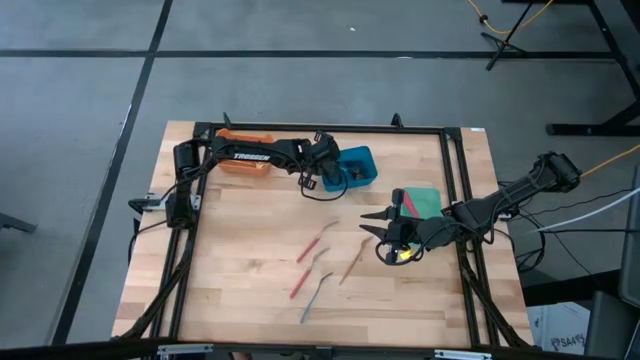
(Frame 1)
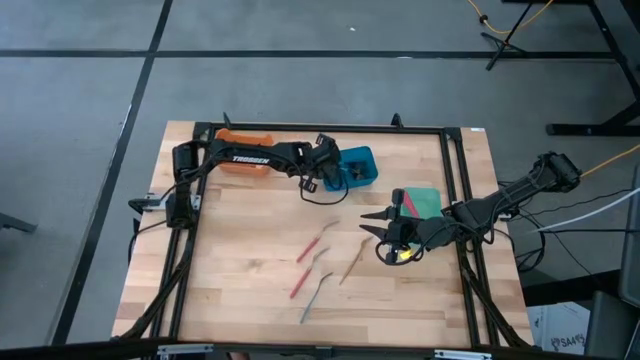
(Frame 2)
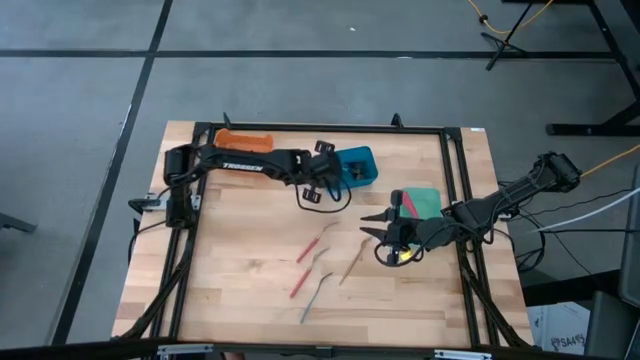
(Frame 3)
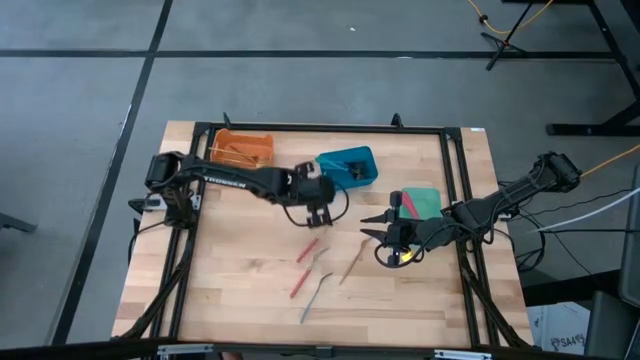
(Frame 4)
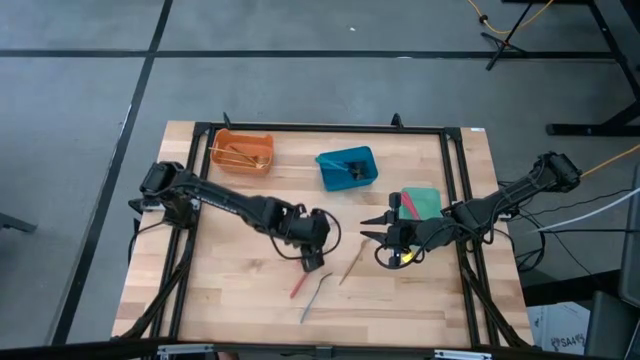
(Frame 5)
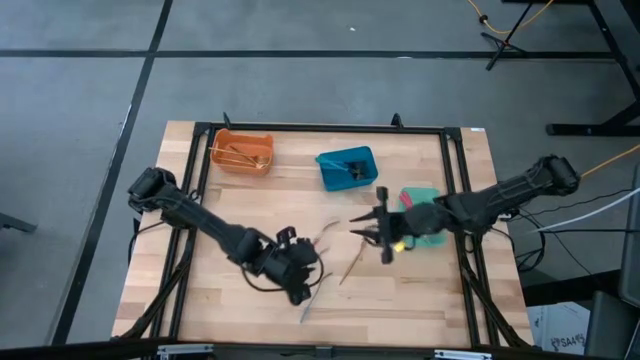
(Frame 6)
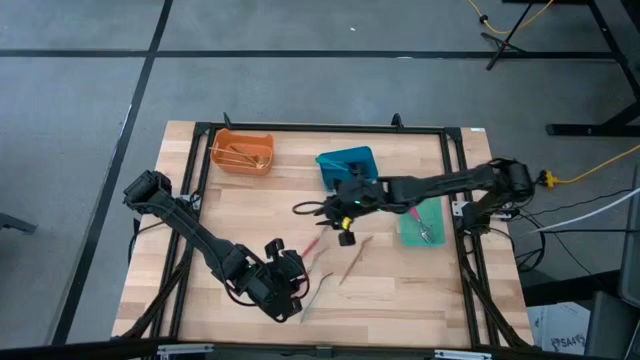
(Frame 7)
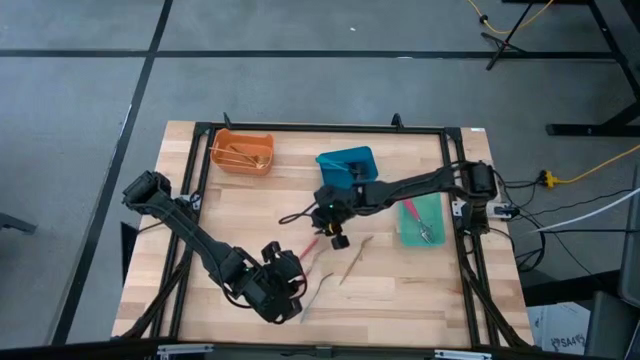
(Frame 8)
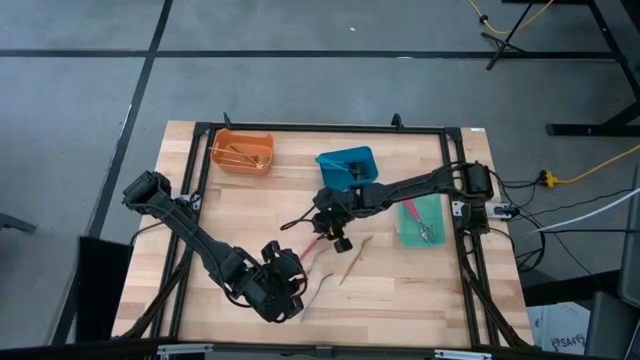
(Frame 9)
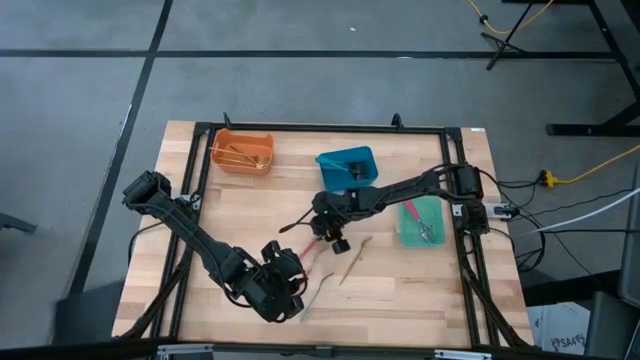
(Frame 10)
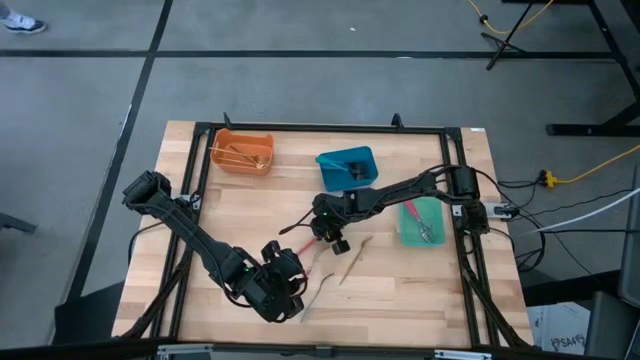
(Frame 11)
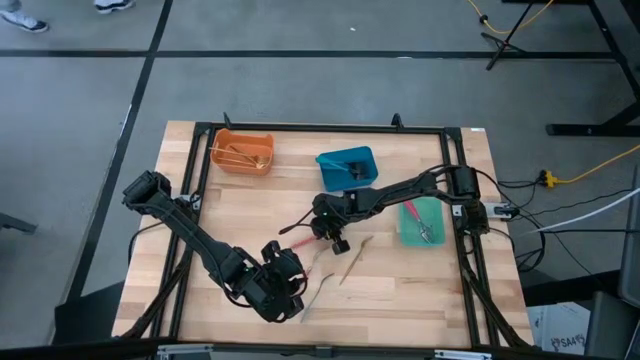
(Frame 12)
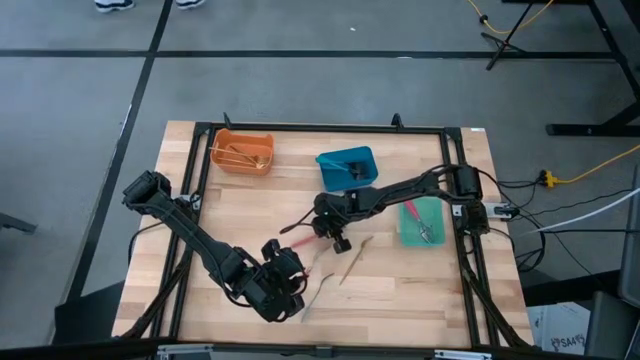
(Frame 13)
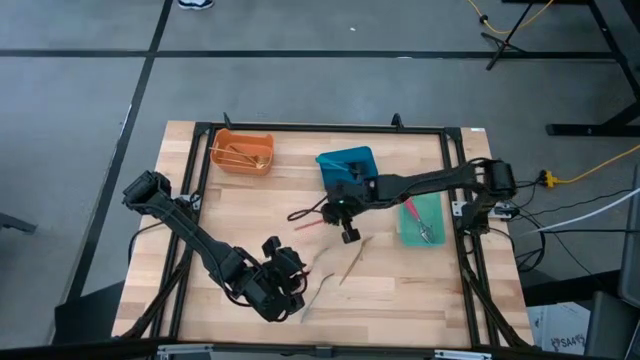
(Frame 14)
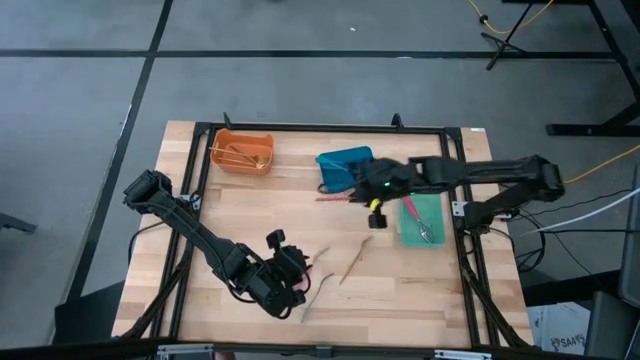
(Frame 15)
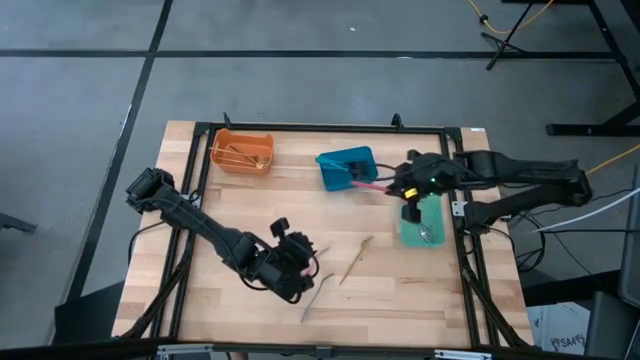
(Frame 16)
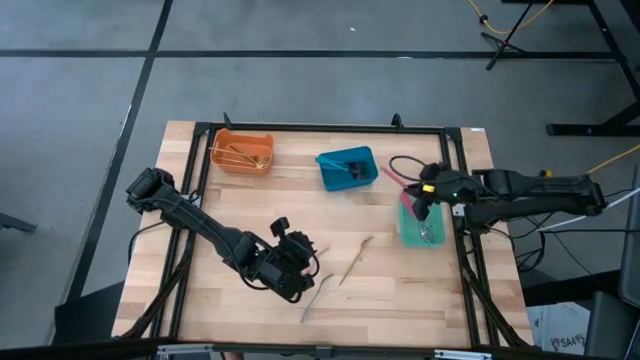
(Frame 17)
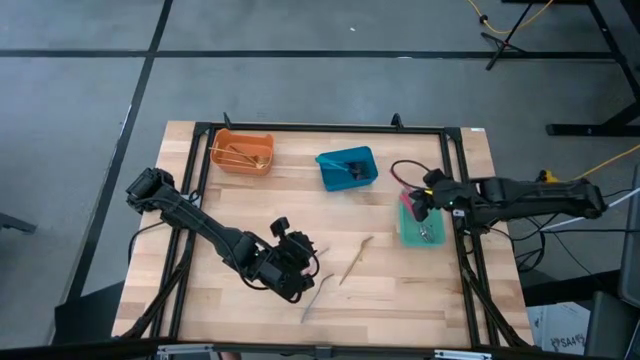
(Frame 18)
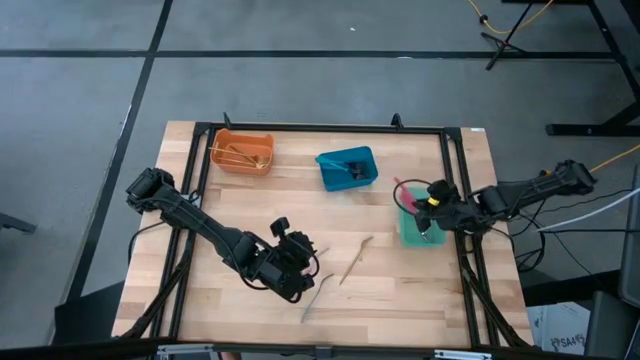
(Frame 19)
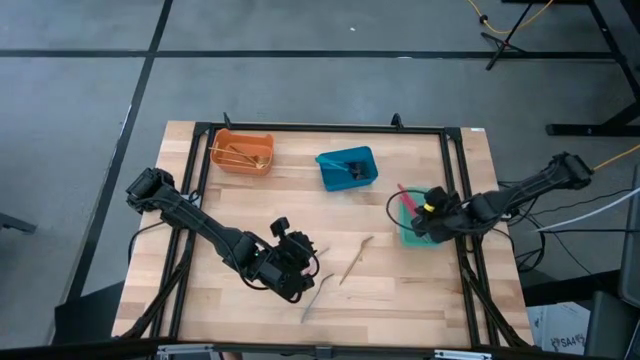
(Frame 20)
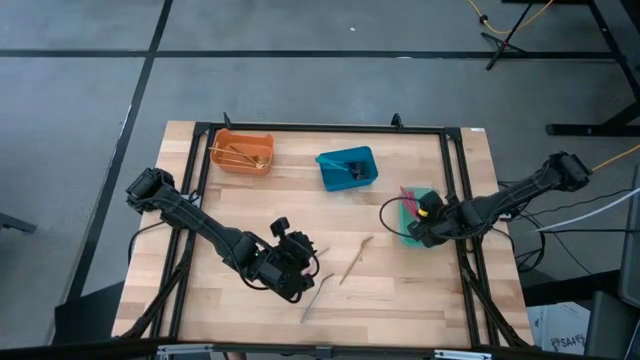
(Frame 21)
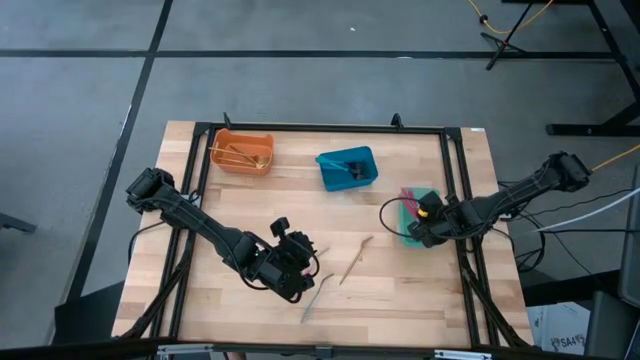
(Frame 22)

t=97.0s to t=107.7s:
Task: Sort silverware by color (type)
Put the pink fork into the green bin

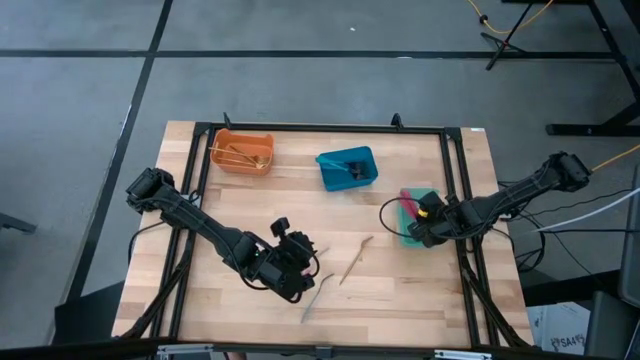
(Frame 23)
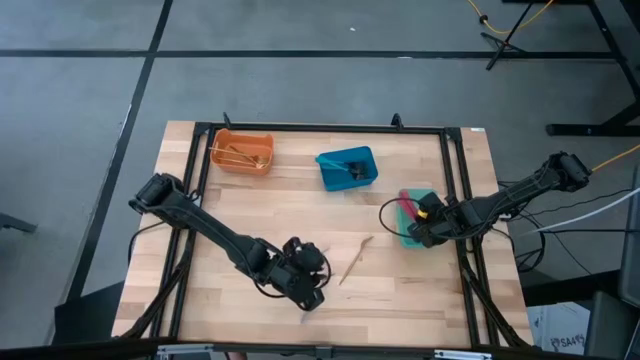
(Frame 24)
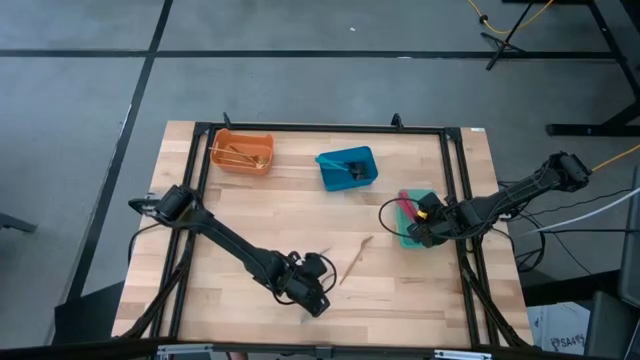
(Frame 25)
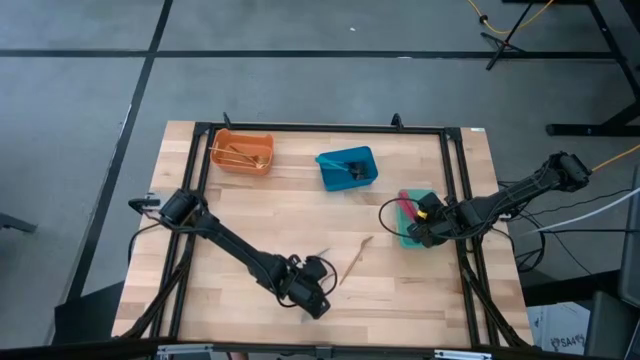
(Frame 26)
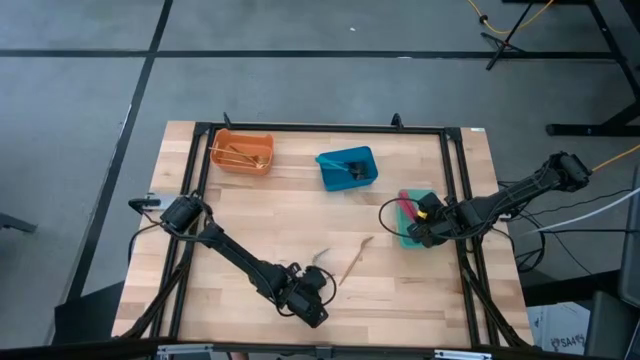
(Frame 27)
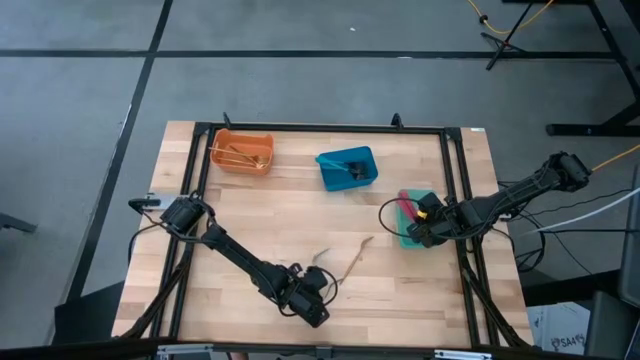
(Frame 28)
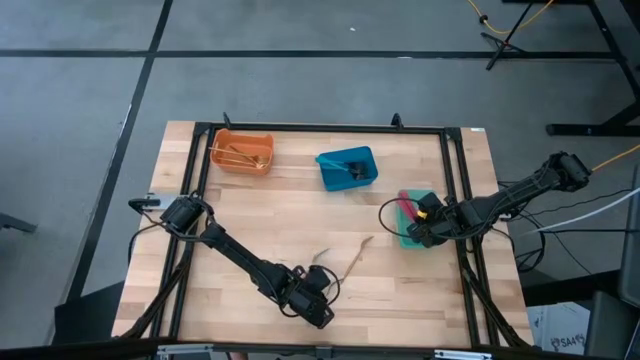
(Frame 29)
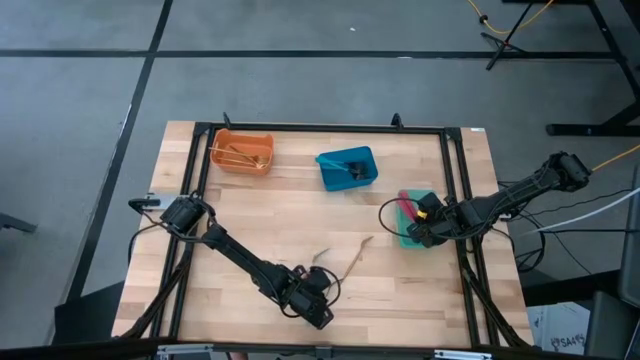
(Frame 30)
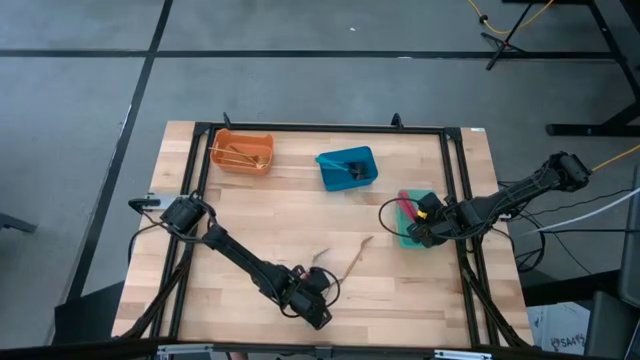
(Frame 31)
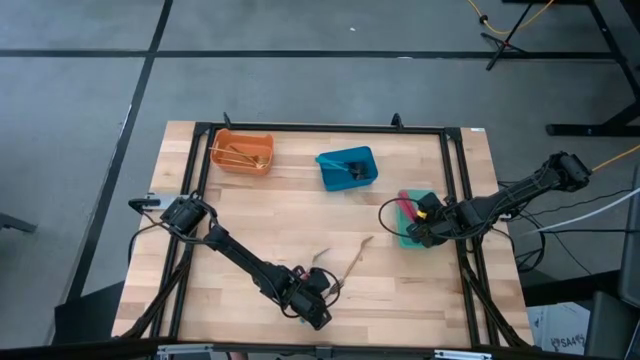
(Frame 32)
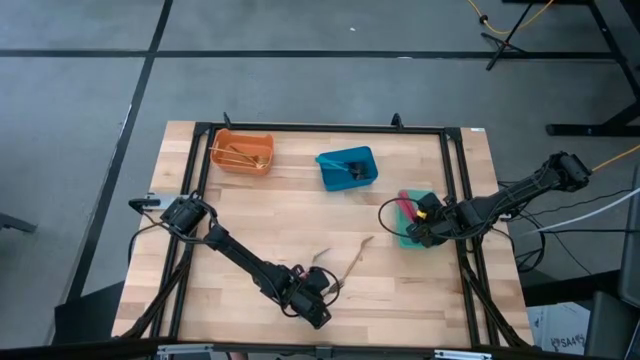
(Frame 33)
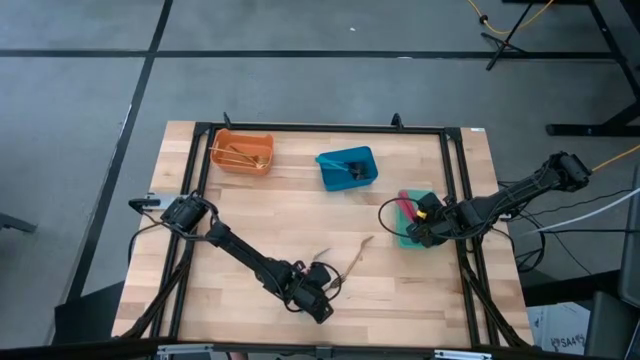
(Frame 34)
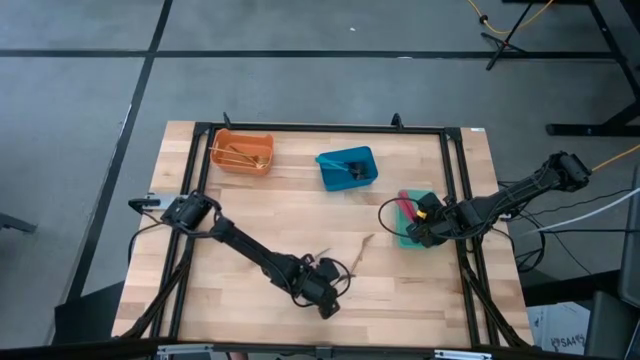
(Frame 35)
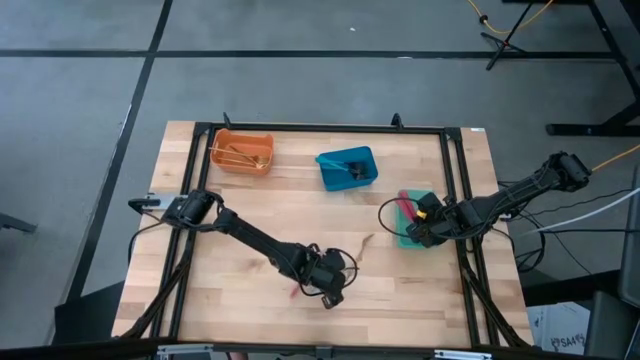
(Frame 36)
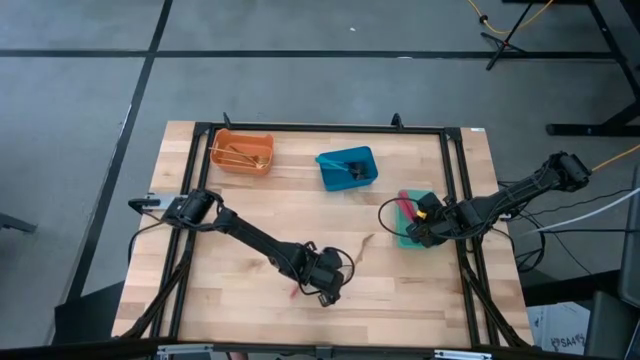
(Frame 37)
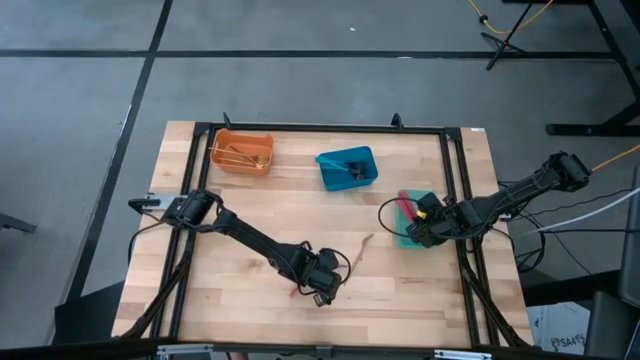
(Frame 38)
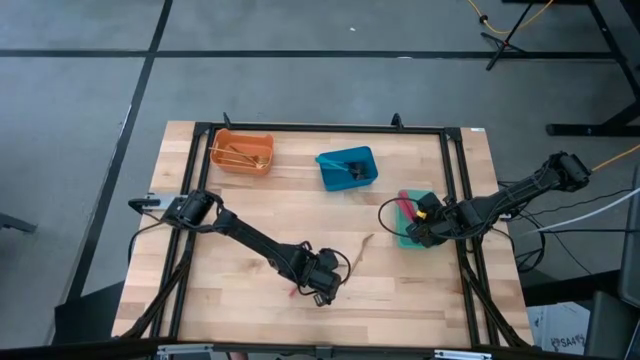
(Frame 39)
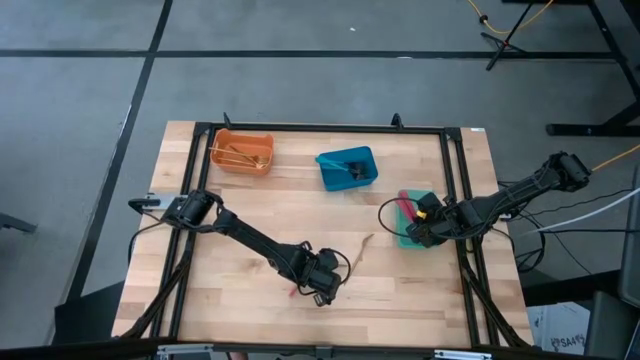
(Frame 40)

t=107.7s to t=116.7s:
Put the blue fork into the blue bin
-*-*-
**YOUR GOAL**
Repeat the material above word for word; no images go in the copy.

**WRITTEN ANSWER**
(Frame 1)
(Frame 2)
(Frame 3)
(Frame 4)
(Frame 5)
(Frame 6)
(Frame 7)
(Frame 8)
(Frame 9)
(Frame 10)
(Frame 11)
(Frame 12)
(Frame 13)
(Frame 14)
(Frame 15)
(Frame 16)
(Frame 17)
(Frame 18)
(Frame 19)
(Frame 20)
(Frame 21)
(Frame 22)

t=97.0s to t=107.7s:
Task: Sort silverware by color (type)
Put the pink fork into the green bin

(Frame 23)
(Frame 24)
(Frame 25)
(Frame 26)
(Frame 27)
(Frame 28)
(Frame 29)
(Frame 30)
(Frame 31)
(Frame 32)
(Frame 33)
(Frame 34)
(Frame 35)
(Frame 36)
(Frame 37)
(Frame 38)
(Frame 39)
(Frame 40)

t=107.7s to t=116.7s:
Put the blue fork into the blue bin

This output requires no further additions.